Either way, both moments are connected to a key part of “An Old Start”: “Don’t tell Michael,” the former No. 1 rule of Escondite and the tie that binds the Bluths: Secrets are the Bluth-family business, and nobody has had more kept from him than Michael, the self-styled good son who, for all of his powers of observation, was blind to the dirty dealings that first landed his father in prison, has no idea that his twin sister has been in town for weeks at the very start of the series, and, in “An Old Start,” is shocked to learn that the family held on to the beach cottage they swore they sold after Tracey spent her dying days there. “Don’t tell Michael” shouldn’t just be emblazoned on shabby-chic home-away-from-home decor—they ought to put it on a crest. (Now that The Bluth-Austero Company owns a trophy store, maybe they can get one at a discount.) In that grand family tradition, “Don’t tell Michael” is one of the engines of the fifth season, the mysterious circumstances and apparent cover-up of Lucille II’s disappearance advancing the story as much, if not more, than Lindsay’s campaign.
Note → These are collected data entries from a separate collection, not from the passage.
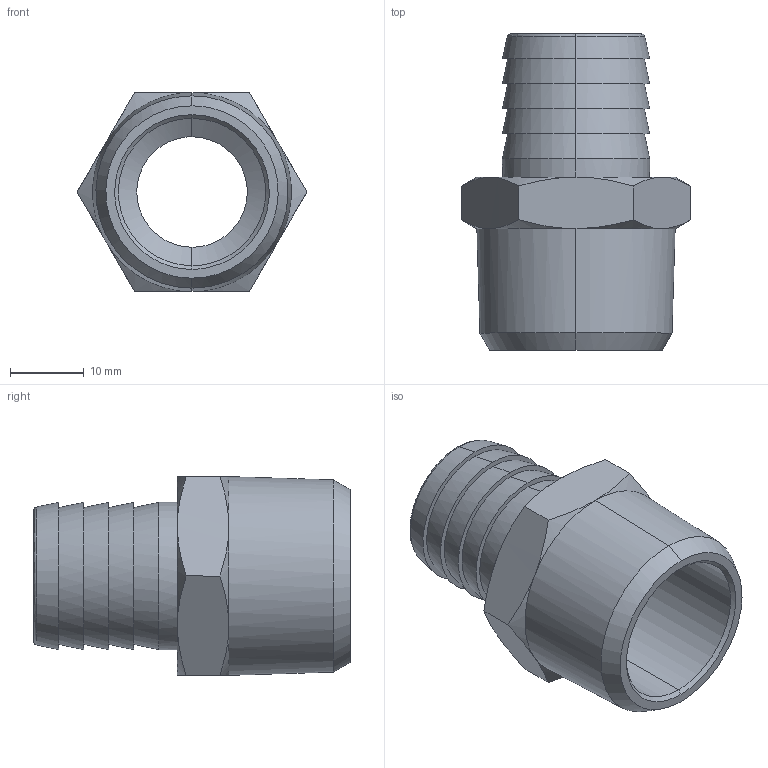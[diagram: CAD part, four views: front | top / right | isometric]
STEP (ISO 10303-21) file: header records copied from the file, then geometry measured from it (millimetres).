
FILE_DESCRIPTION (( 'STEP AP214' ), '1' );
FILE_NAME ('DRF.SP05-20_IC.STEP', '2018-09-06T06:38:58', ( '' ), ( '' ), 'SwSTEP 2.0', 'SolidWorks 2018', '' );
FILE_SCHEMA (( 'AUTOMOTIVE_DESIGN' ));
Length unit declared in the file: millimetre
Products named in the file (1): DRF.SP05-20_IC
Bounding box: 31.18 x 43 x 27 mm (x, y, z)
Volume: 8909 mm3; surface area: 6332.4 mm2
Topology: 1 solids, 1 shells, 51 faces, 106 edges, 62 vertices
Faces by surface type: bspline 51
Entity records: 2823 total; most frequent: CARTESIAN_POINT 2139, ORIENTED_EDGE 212, EDGE_CURVE 106, B_SPLINE_CURVE_WITH_KNOTS 83, VERTEX_POINT 62, EDGE_LOOP 58, ADVANCED_FACE 51, FACE_OUTER_BOUND 51

“An Old Start” winds its way down a few tangents, but it’s the smoothest episode of the season so far. It helps that the tangents are funny enough to justify their length: Dermot Mulroney is an excellent addition to the cast as silver-fox surfer (I feel a Fantastic Four joke coming on) Dusty, whose past-his-prime-’80s-beach-movie-villain vibe is catnip for Lucille, who’s the type of person who would’ve sided with the snobs in a snobs-versus-slobs comedy. And yet even a digression that introduces the concept of “breakfast wine” can’t touch the inspired lunacy that is Maeby’s full-bore descent into senior (not señor) living. The gray wig was not scam enough for the craftiest Bluth—and besides, it reminded her too much of her dad. So she’s adapted a whole new persona in the retirement community, posing as Lucille II’s sister and providing the missing woman’s business rival/father of her campaign manager (who’s probably in on the Lucille II conspiracy, too) with his very own escondite.

It’s a deeply layered con, one that escalates Maeby’s habit of aging herself up while looping in George Michael’s fear of the elderly. But it also feels fresh and funny and new, due in large part to the way Alia Shawkat throws herself into her character’s alter ego. It’s the posture and the floppy hands and the effect that those giant choppers (2 Hour Teeth, or is that more of an Hour Mouth job?) have on the way she talks—cartoonish attributes that would fail to convince anyone in real life, but which seem like Academy Award-worthy work in comparison to Tobias and Murph’s tin-eared Bluth impersonations. Maeby made up Annette out of whole cloth, but her dad struggles to nail the simplest mannerisms of people he’s known for decades. Both great jokes; both good riffs on the Bluth family history of fraudulence.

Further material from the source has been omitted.